WORK REQUEST:
Find the line in the entries below that contains "#1170=CARTESIAN_POINT('',(-15.9,-3.,27.));". Repeat it exactly, and every line after it through the line that contains "#1316=ORIENTED_EDGE('',*,*,#1315,.F.);".

** ENTRIES SUPPLIED follows **

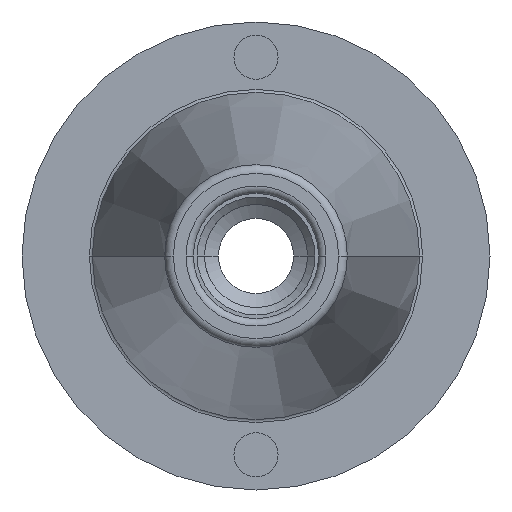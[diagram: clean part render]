
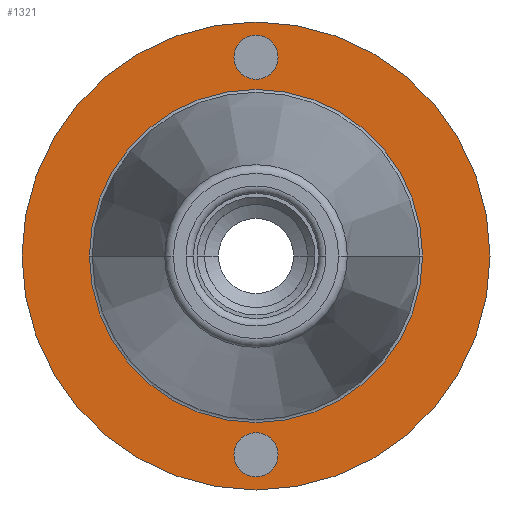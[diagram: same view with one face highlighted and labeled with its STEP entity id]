
A CAD part, left-side view. The second image highlights one B-rep face of the part: STEP entity #1321.
In plain terms, the highlighted planar face has unit normal (-1, 0, 0).
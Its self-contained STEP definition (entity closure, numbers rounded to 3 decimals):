
#70=CARTESIAN_POINT('',(-15.9,0.,0.));
#71=DIRECTION('',(-1.,0.,0.));
#72=DIRECTION('',(0.,1.,0.));
#73=AXIS2_PLACEMENT_3D('',#70,#71,#72);
#75=CARTESIAN_POINT('',(-15.9,0.,0.));
#76=DIRECTION('',(1.,0.,0.));
#77=DIRECTION('',(0.,1.,0.));
#78=AXIS2_PLACEMENT_3D('',#75,#76,#77);
#80=CARTESIAN_POINT('',(-15.9,0.,0.));
#81=DIRECTION('',(1.,0.,0.));
#82=DIRECTION('',(0.,1.,0.));
#83=AXIS2_PLACEMENT_3D('',#80,#81,#82);
#85=CARTESIAN_POINT('',(-15.9,0.,0.));
#86=DIRECTION('',(-1.,0.,0.));
#87=DIRECTION('',(0.,1.,0.));
#88=AXIS2_PLACEMENT_3D('',#85,#86,#87);
#90=CARTESIAN_POINT('',(-15.9,0.,-27.));
#91=DIRECTION('',(1.,0.,0.));
#92=DIRECTION('',(0.,1.,0.));
#93=AXIS2_PLACEMENT_3D('',#90,#91,#92);
#95=CARTESIAN_POINT('',(-15.9,0.,-27.));
#96=DIRECTION('',(1.,0.,0.));
#97=DIRECTION('',(0.,-1.,0.));
#98=AXIS2_PLACEMENT_3D('',#95,#96,#97);
#100=CARTESIAN_POINT('',(-15.9,0.,27.));
#101=DIRECTION('',(1.,0.,0.));
#102=DIRECTION('',(0.,-1.,0.));
#103=AXIS2_PLACEMENT_3D('',#100,#101,#102);
#105=CARTESIAN_POINT('',(-15.9,0.,27.));
#106=DIRECTION('',(1.,0.,0.));
#107=DIRECTION('',(0.,1.,0.));
#108=AXIS2_PLACEMENT_3D('',#105,#106,#107);
#952=CARTESIAN_POINT('',(-15.9,31.775,0.));
#953=CARTESIAN_POINT('',(-15.9,-31.775,0.));
#954=VERTEX_POINT('',#952);
#955=VERTEX_POINT('',#953);
#964=CARTESIAN_POINT('',(-15.9,22.625,0.));
#965=VERTEX_POINT('',#964);
#974=CARTESIAN_POINT('',(-15.9,-22.625,0.));
#975=VERTEX_POINT('',#974);
#1162=CARTESIAN_POINT('',(-15.9,3.,-27.));
#1163=CARTESIAN_POINT('',(-15.9,-3.,-27.));
#1164=VERTEX_POINT('',#1162);
#1165=VERTEX_POINT('',#1163);
#1170=CARTESIAN_POINT('',(-15.9,-3.,27.));
#1171=CARTESIAN_POINT('',(-15.9,3.,27.));
#1172=VERTEX_POINT('',#1170);
#1173=VERTEX_POINT('',#1171);
#1294=CARTESIAN_POINT('',(-15.9,0.,0.));
#1295=DIRECTION('',(1.,0.,0.));
#1296=DIRECTION('',(0.,-1.,0.));
#1297=AXIS2_PLACEMENT_3D('',#1294,#1295,#1296);
#1298=PLANE('',#1297);
#1299=ORIENTED_EDGE('',*,*,#1274,.T.);
#1300=ORIENTED_EDGE('',*,*,#1216,.F.);
#1301=EDGE_LOOP('',(#1299,#1300));
#1302=FACE_OUTER_BOUND('',#1301,.F.);
#1304=ORIENTED_EDGE('',*,*,#1303,.T.);
#1306=ORIENTED_EDGE('',*,*,#1305,.F.);
#1307=EDGE_LOOP('',(#1304,#1306));
#1308=FACE_BOUND('',#1307,.F.);
#1310=ORIENTED_EDGE('',*,*,#1309,.F.);
#1312=ORIENTED_EDGE('',*,*,#1311,.F.);
#1313=EDGE_LOOP('',(#1310,#1312));
#1314=FACE_BOUND('',#1313,.F.);
#1316=ORIENTED_EDGE('',*,*,#1315,.F.);
#1318=ORIENTED_EDGE('',*,*,#1317,.F.);
#1319=EDGE_LOOP('',(#1316,#1318));
#1320=FACE_BOUND('',#1319,.F.);
#1321=ADVANCED_FACE('',(#1302,#1308,#1314,#1320),#1298,.F.);
#74=CIRCLE('',#73,22.625);
#79=CIRCLE('',#78,22.625);
#84=CIRCLE('',#83,31.775);
#89=CIRCLE('',#88,31.775);
#94=CIRCLE('',#93,3.);
#99=CIRCLE('',#98,3.);
#104=CIRCLE('',#103,3.);
#109=CIRCLE('',#108,3.);
#1216=EDGE_CURVE('',#954,#955,#89,.T.);
#1274=EDGE_CURVE('',#954,#955,#84,.T.);
#1303=EDGE_CURVE('',#965,#975,#74,.T.);
#1305=EDGE_CURVE('',#965,#975,#79,.T.);
#1309=EDGE_CURVE('',#1164,#1165,#94,.T.);
#1311=EDGE_CURVE('',#1165,#1164,#99,.T.);
#1315=EDGE_CURVE('',#1172,#1173,#104,.T.);
#1317=EDGE_CURVE('',#1173,#1172,#109,.T.);

** End of ENTRIES SUPPLIED **

RESPONSE BOX:
#1170=CARTESIAN_POINT('',(-15.9,-3.,27.));
#1171=CARTESIAN_POINT('',(-15.9,3.,27.));
#1172=VERTEX_POINT('',#1170);
#1173=VERTEX_POINT('',#1171);
#1294=CARTESIAN_POINT('',(-15.9,0.,0.));
#1295=DIRECTION('',(1.,0.,0.));
#1296=DIRECTION('',(0.,-1.,0.));
#1297=AXIS2_PLACEMENT_3D('',#1294,#1295,#1296);
#1298=PLANE('',#1297);
#1299=ORIENTED_EDGE('',*,*,#1274,.T.);
#1300=ORIENTED_EDGE('',*,*,#1216,.F.);
#1301=EDGE_LOOP('',(#1299,#1300));
#1302=FACE_OUTER_BOUND('',#1301,.F.);
#1304=ORIENTED_EDGE('',*,*,#1303,.T.);
#1306=ORIENTED_EDGE('',*,*,#1305,.F.);
#1307=EDGE_LOOP('',(#1304,#1306));
#1308=FACE_BOUND('',#1307,.F.);
#1310=ORIENTED_EDGE('',*,*,#1309,.F.);
#1312=ORIENTED_EDGE('',*,*,#1311,.F.);
#1313=EDGE_LOOP('',(#1310,#1312));
#1314=FACE_BOUND('',#1313,.F.);
#1316=ORIENTED_EDGE('',*,*,#1315,.F.);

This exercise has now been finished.